Imagine drawing a straight line $l$ through the center of a square piece of paper with area $1$. Now fold the paper along that line.
Q: What is the function for the area covered by the folded piece of paper $A_f(\theta)$, where $\theta$ denotes the orientation of $l$?
This is not a textbook problem, so I don't know how difficult it will be to come up with a solution, but here are my thoughts so far:
The function must have minima when all points of the folded part of the paper are projected on top of all points of the unfolded part, i.e. when $A_f(\theta=0,\frac{\pi}{4},\frac{\pi}{2},\frac{3}{4}\pi,...)=\frac{1}{2}$.
Because of the symmetry, we can restrict our investigation to $\theta \in[0,\frac{\pi}{4}]$.
Here is my strategy:
$1.$ Find the two sets of points, $S_l$ and $S_r$ ("left" and "right" of $l$, respectively), that $l$ divides the square $S$ into, as a function of $\theta$.
$2.$ Reflect $S_l$ around $l$, $S_l \mapsto S_l^*$.
$3.$ Find the area of points that make up the union $S_l^* \cup S_r$.
$1)$ $l=\left(\begin{smallmatrix}x\\y\end{smallmatrix}\right)=t\left( \begin{smallmatrix}1\\ \tan\theta\end{smallmatrix}\right)$ so $S_l=\{x,y : |x| \leq \frac{1}{2} \wedge y> x\tan\theta \}$ and $S_r=S \setminus S_l$.

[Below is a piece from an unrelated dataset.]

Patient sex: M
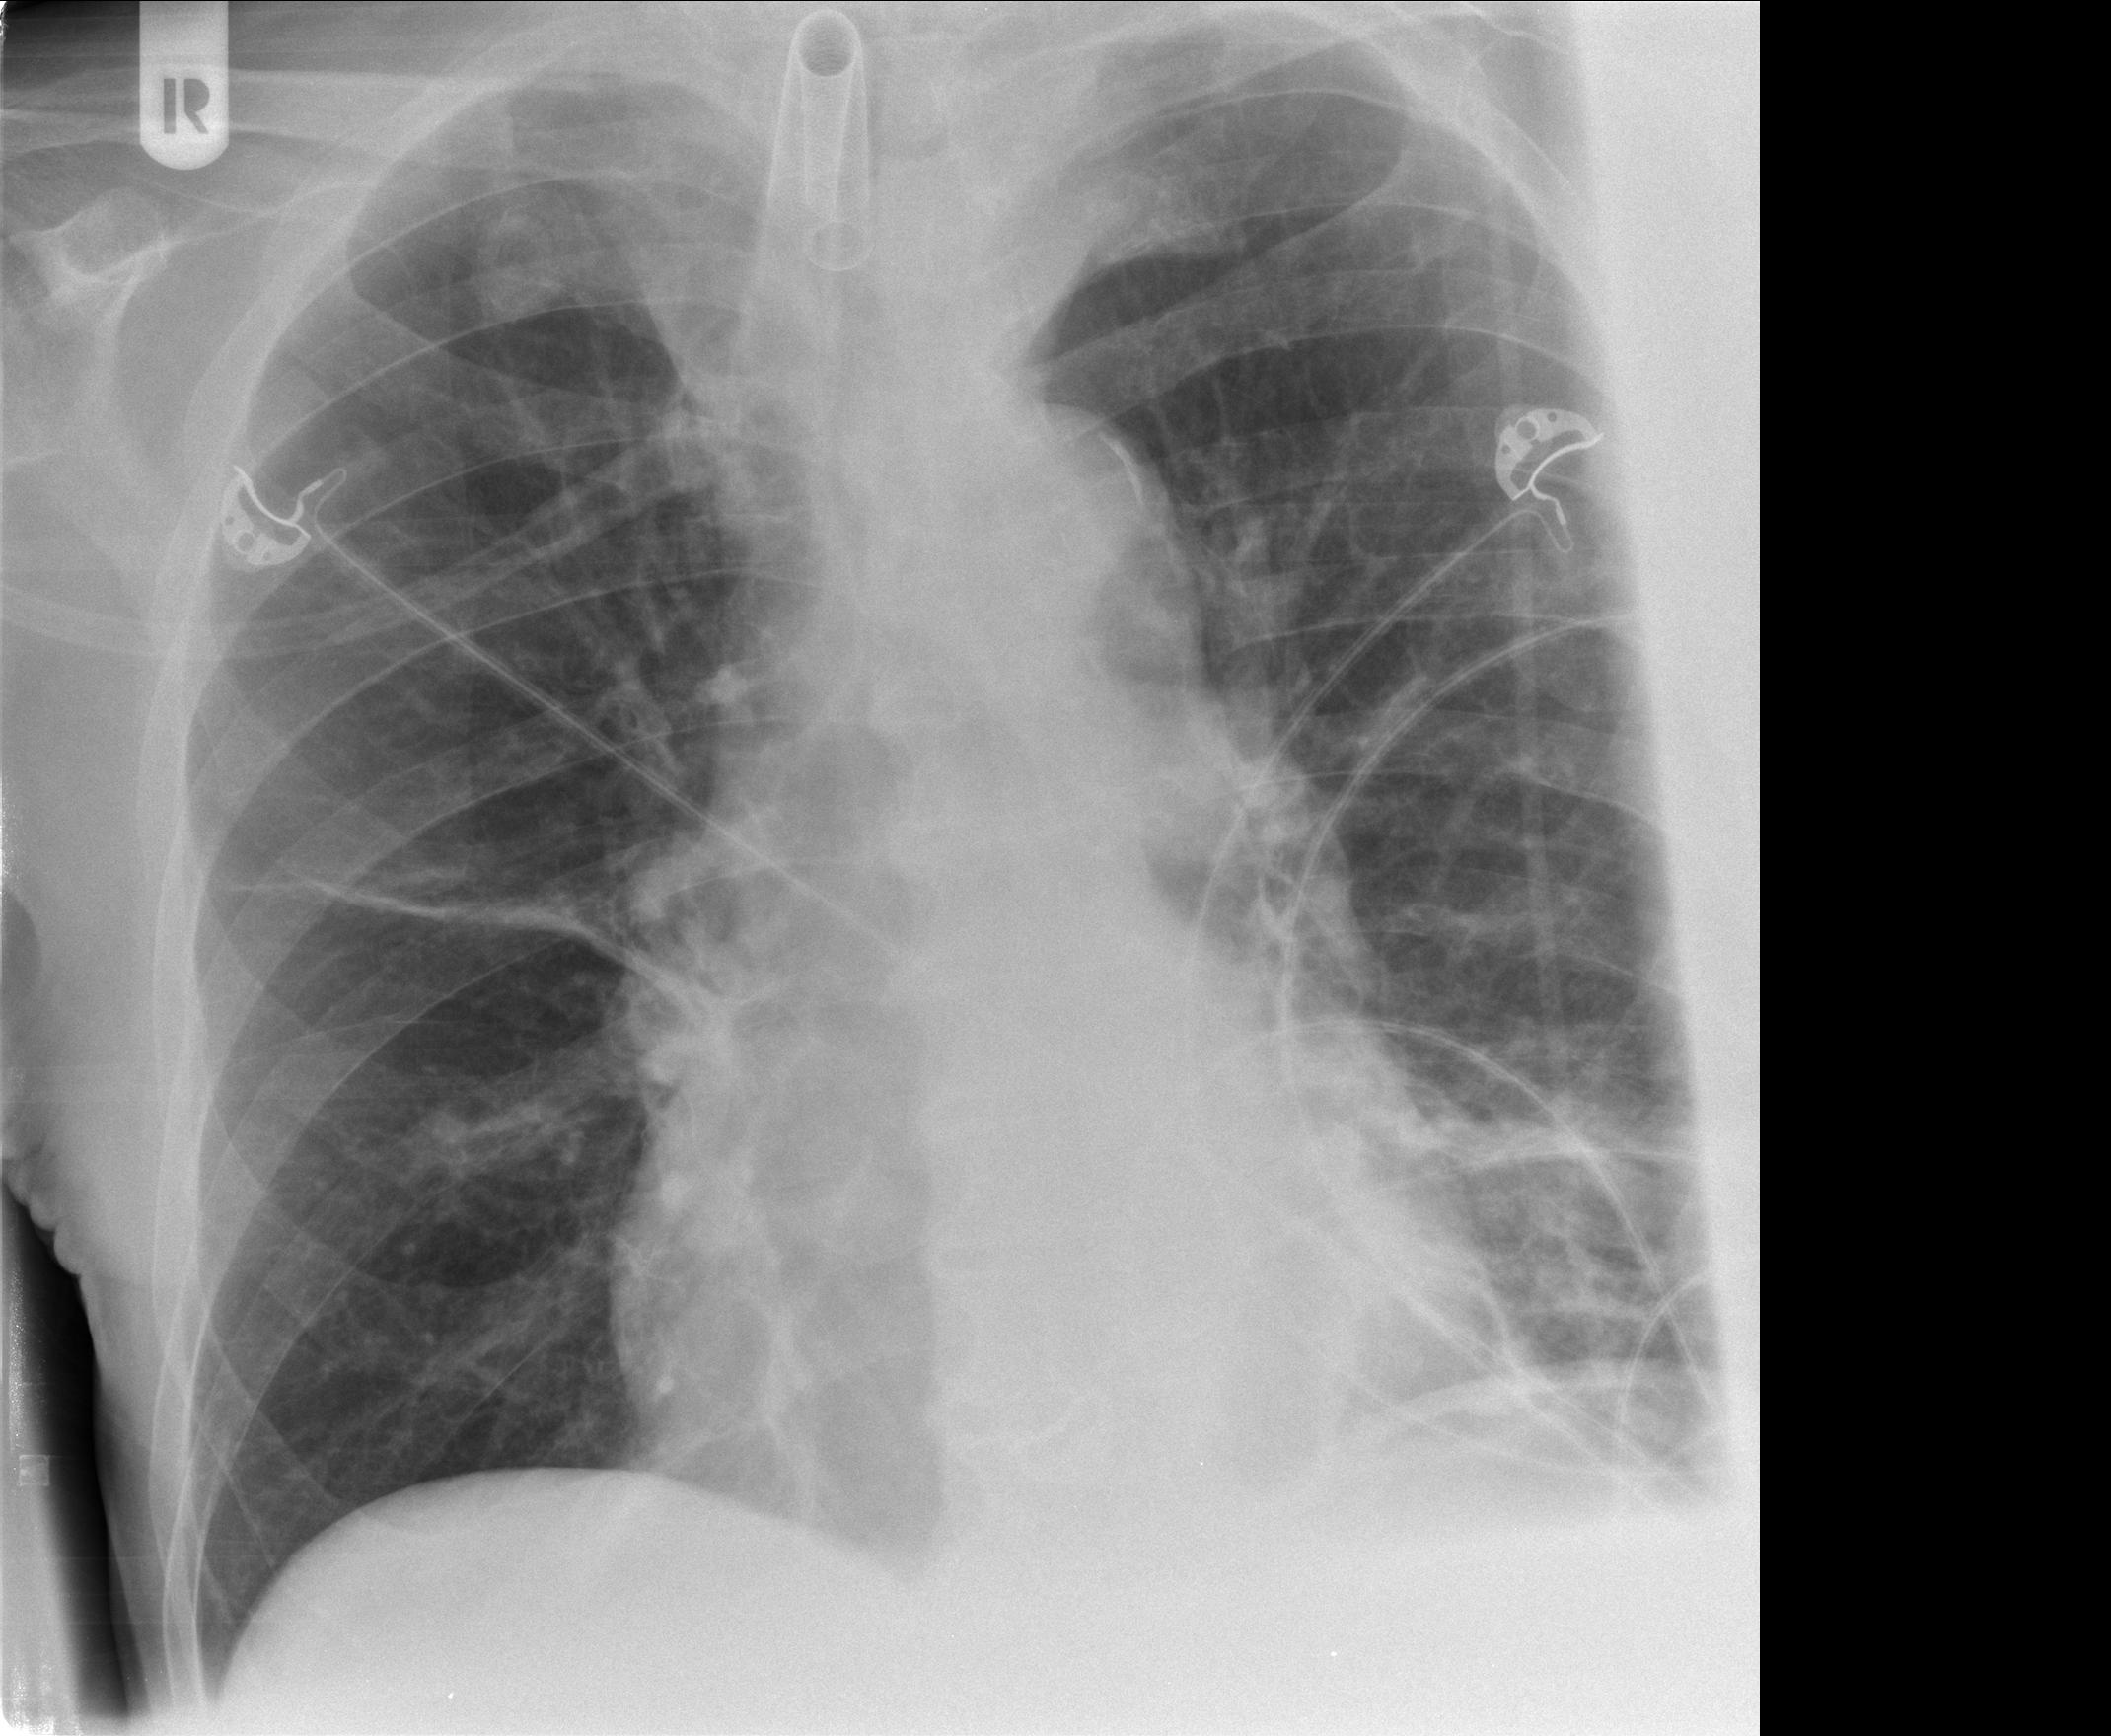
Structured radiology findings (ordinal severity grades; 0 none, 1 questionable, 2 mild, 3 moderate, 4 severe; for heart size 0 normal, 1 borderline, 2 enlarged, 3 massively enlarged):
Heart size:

$2)$ I have found the following formula for reflection, $\mathrm{Ref}_l(v) = 2\frac{v\cdot l}{|l|^2}l - v,$ where $v$ is being reflected around $l$. Ideally I would like to replace $v$ with $S_l$, but I've never tried to handle sets this way and don't really know how to proceed from here.
$3)$ Again, I'm not familiar with how this is done (or indeed if it can be done!). It seems to me that there's a long way from the abstract sets to the geometrical figures.
It is very possible that this can be done in a much simpler way; either way, I'd appreciate both alternative methods of solution as well as insights into how my strategy could be executed properly!
Thanks!